Beaufort Today -

Miller recognized for service to American Legion baseball

  • Dan Hunt/Beaufort Today Miller receives a copy of the state Senate resolution made in his honor.
  • Dan Hunt/Beaufort Today Miller and his wife Carol are recognized for their service to the community.

Sunday was George Miller’s day in Beaufort.

A ceremony at Beaufort High School’s baseball stadium was devoted to honoring Miller’s two decades as athletic director at American Legion Post 9 and the face of Beaufort Osprey baseball.

Miller received a plaque, a bouquet for his wife Carol and a framed South Carolina Senate resolution made in his honor. But all of that took less time than an effort to list his military decorations, community contributions and accomplishments.

“George is the most humble, gentle, truly nice person I have ever known,” Post 9 commander Chuck Lurey said. “In my view, he is what all of us young and old should strive to be.”

Many said Sunday they have never heard Miller speak ill of another person and that his favorite phrase is, “I’ll be right there, buddy.”

“If you want to be happy for a day, eat a steak. If you want to be happy for three days, buy a car. If you want to be happy for a week, go on a cruise,” Coker College baseball coach Dave Schmotzer.

“If you want to be happy for the rest of your life, be like George Miller.”

Post 9 drafted a biography of Miller that commander Chuck Lurey read to the audience. It may be difficult to capture the complete story of a consummate volunteer, but Lurey gave a synopsis of what was read May 10 on the Senate floor:

Miller was born in Fairmont, Ind., in 1936. He joined the Marine Corps in 1956 after graduating high school and completing basic training and engineering school. He was a certified heavy equipment operator, building schools, airstrips and bridges.

While stationed in Korea, he served as an advisor to South Korean Marines while building orphanages and participating in “other civic works in local villages and towns.”

In 1968, Miller was sent to Vietnam, after which he was stationed at Camp Lejeune, Indianapolis and Parris Island.

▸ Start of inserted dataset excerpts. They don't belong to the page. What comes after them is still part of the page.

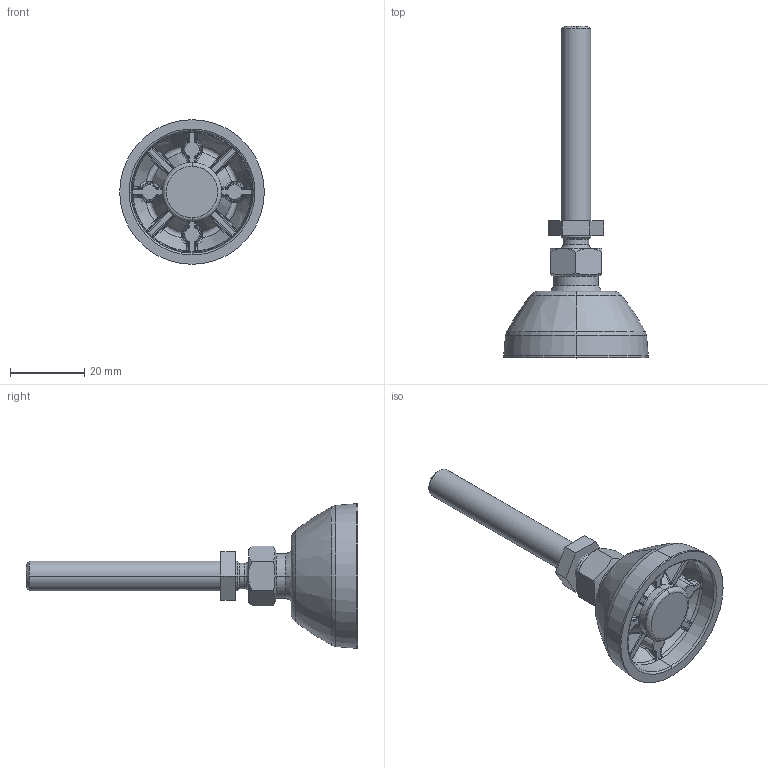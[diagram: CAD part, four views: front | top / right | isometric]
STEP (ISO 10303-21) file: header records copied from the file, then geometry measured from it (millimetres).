
FILE_DESCRIPTION (( 'STEP AP214' ), '1' );
FILE_NAME ('BASE00H2410-Pied D40, M8x90, noir.step', '2023-03-24T09:24:15', ( 'Altae' ), ( '' ), 'SwSTEP 2.0', 'SolidWorks 2021', '' );
FILE_SCHEMA (( 'AUTOMOTIVE_DESIGN' ));
Length unit declared in the file: millimetre
Products named in the file (4): 03^BASE00H2410-Pied D40, M8x90, noir; BASE00H2410-Pied D40, M8x90, noir; 01^BASE00H2410-Pied D40, M8x90, noir; 02^BASE00H2410-Pied D40, M8x90, noir
Assembly tree (3 placements, depth 2):
  BASE00H2410-Pied D40, M8x90, noir
    01^BASE00H2410-Pied D40, M8x90, noir
    02^BASE00H2410-Pied D40, M8x90, noir
    03^BASE00H2410-Pied D40, M8x90, noir
Bounding box: 39 x 89.5 x 39 mm (x, y, z)
Volume: 16371.9 mm3; surface area: 8769.1 mm2
Topology: 3 solids, 3 shells, 400 faces, 945 edges, 534 vertices
Faces by surface type: bspline 263, plane 57, cone 44, cylinder 36
Entity records: 17628 total; most frequent: CARTESIAN_POINT 10255, ORIENTED_EDGE 1842, DIRECTION 1046, EDGE_CURVE 921, VERTEX_POINT 534, B_SPLINE_CURVE_WITH_KNOTS 452, AXIS2_PLACEMENT_3D 447, EDGE_LOOP 409
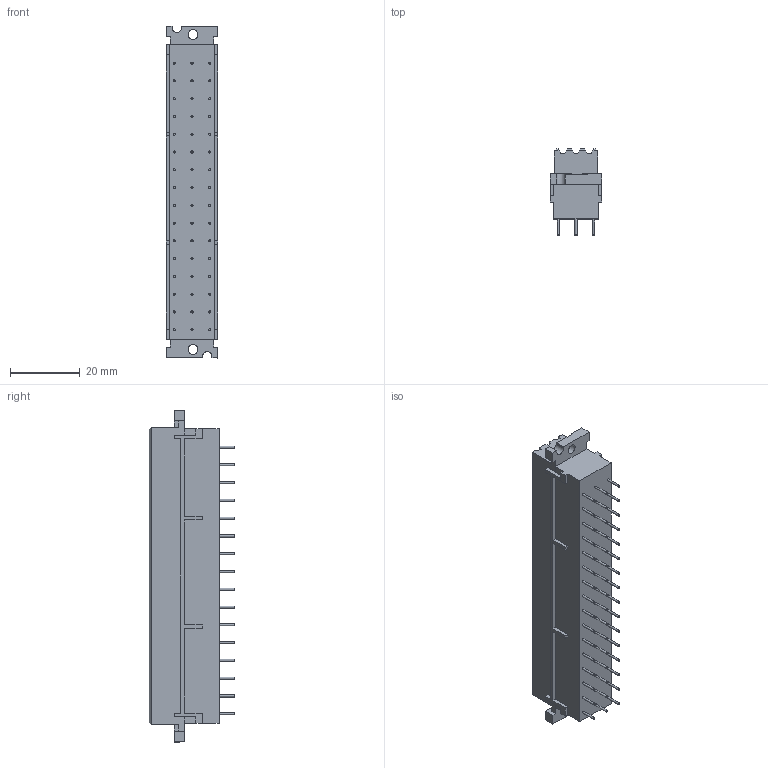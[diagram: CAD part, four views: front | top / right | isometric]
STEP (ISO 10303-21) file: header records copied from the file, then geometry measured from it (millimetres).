
FILE_DESCRIPTION(/* description */ (''),/* implementation_level */ '2;1');
FILE_NAME(/* name */ '100072725ugm000_b.stp',/* time_stamp */ '2015-09-02T07:31:35+02:00',/* author */ (''),/* organization */ (''),/* preprocessor_version */ 'ST-DEVELOPER v15',/* originating_system */ 'SIEMENS PLM Software NX 8.5',/* authorisation */ '');
FILE_SCHEMA (('AUTOMOTIVE_DESIGN { 1 0 10303 214 3 1 1 1 }'));
Length unit declared in the file: millimetre
Products named in the file (1): 100072725ugm000_b
Bounding box: 14.7 x 24.5 x 94.9 mm (x, y, z)
Volume: 20182.6 mm3; surface area: 10656.7 mm2
Topology: 1 solids, 1 shells, 466 faces, 1096 edges, 728 vertices
Faces by surface type: plane 414, cylinder 52
Full cylindrical faces by diameter (mm): 0.6 x48, 2.8 x2
Entity records: 15542 total; most frequent: CARTESIAN_POINT 2241, ORIENTED_EDGE 2092, DIRECTION 2085, EDGE_CURVE 1046, LINE 941, VECTOR 941, VERTEX_POINT 728, EDGE_LOOP 616

He retired from the military in 1979 with a list of recognitions that included the Purple Heart, National Defense Service Medal, Vietnam Service Medal, Vietnam Campaign Medal, Combat Action Ribbon, Republic of Vietnam Meritorious Unit Citation Cross of Gallantry with Palm and Armed Forces Expeditionary Medal.

Miller earned a degree in building trades in 1981 and continued a career of civil service until 2001.

In 1997, he took over as athletic director for Post 9 and by most accounts was responsible for soliciting and collecting donations for the baseball program. He established the American Legion golf tournament in 1998 to finance college scholarships for local graduates.

Since 2009, he has helped some 10,000 young men pursue a college education through American Legion’s baseball scholarship program with funds in excess of $200,000.

The resolution concludes, “Be it resolved by the Senate that the members of the South Carolina Senate, by this resolution, recognize and honor George Miller, a veteran of the United States Marine Corps, for 30 years of military service and decades of other significant and extensive service to the Palmetto State and Beaufort County community. Be it further resolved that a copy of this resolution be presented to George Miller.”

Lurey added in his biography, “George is the most unforgettable character I’ve ever met. … His civic works includes volunteering and working with Wounded Warriors, Veterans Homes, AMVETS, American Legion, VFW, Disabled Americans, the Purple Heart Association, his church and American Legion baseball.”

Current athletic director Bob Shields said he feels an obligation to run the baseball program with the same amount of vigor as his predecessor.

“He has touched so many lives in baseball. He is Mr. Baseball in Beaufort to many. He played baseball and softball all of his life in the Marines and in Beaufort County. He coached his sons’ teams and other youth teams,” Shields said.

“He has a legacy that needs to be fulfilled. I’ve been in Legion 9 for five years. When I first came, this post was relying on one man. It was George. I don’t want to diminish the efforts of others, but George ran Legion baseball.”

At 82, Shields said, Miller still serves as the primary liaison between Post 9 and veteran service organizations.

“It is only in recent years that our post has been able to attract more active members and we now have a multitude of programs. We’re now able to help George more, but he still does the lion’s share of the work,” he said. “Post 9 will always owe George and Carol a tremendous debt for their service to baseball, Post 9 and the Beaufort community.”

Miller has been reading the American Legion Code of Sportsmanship before every home game for most of two decades, but the emotion of Sunday’s ceremony rendered him speechless.

The alumni game went on nonetheless, and Wilson summoned some words minutes later.

“This was humbling, to say the least,” he said. “I hope this continues. This is what we do as veterans. We help each other. It’s veterans helping veterans and I hope that we can continue that through Legion baseball.”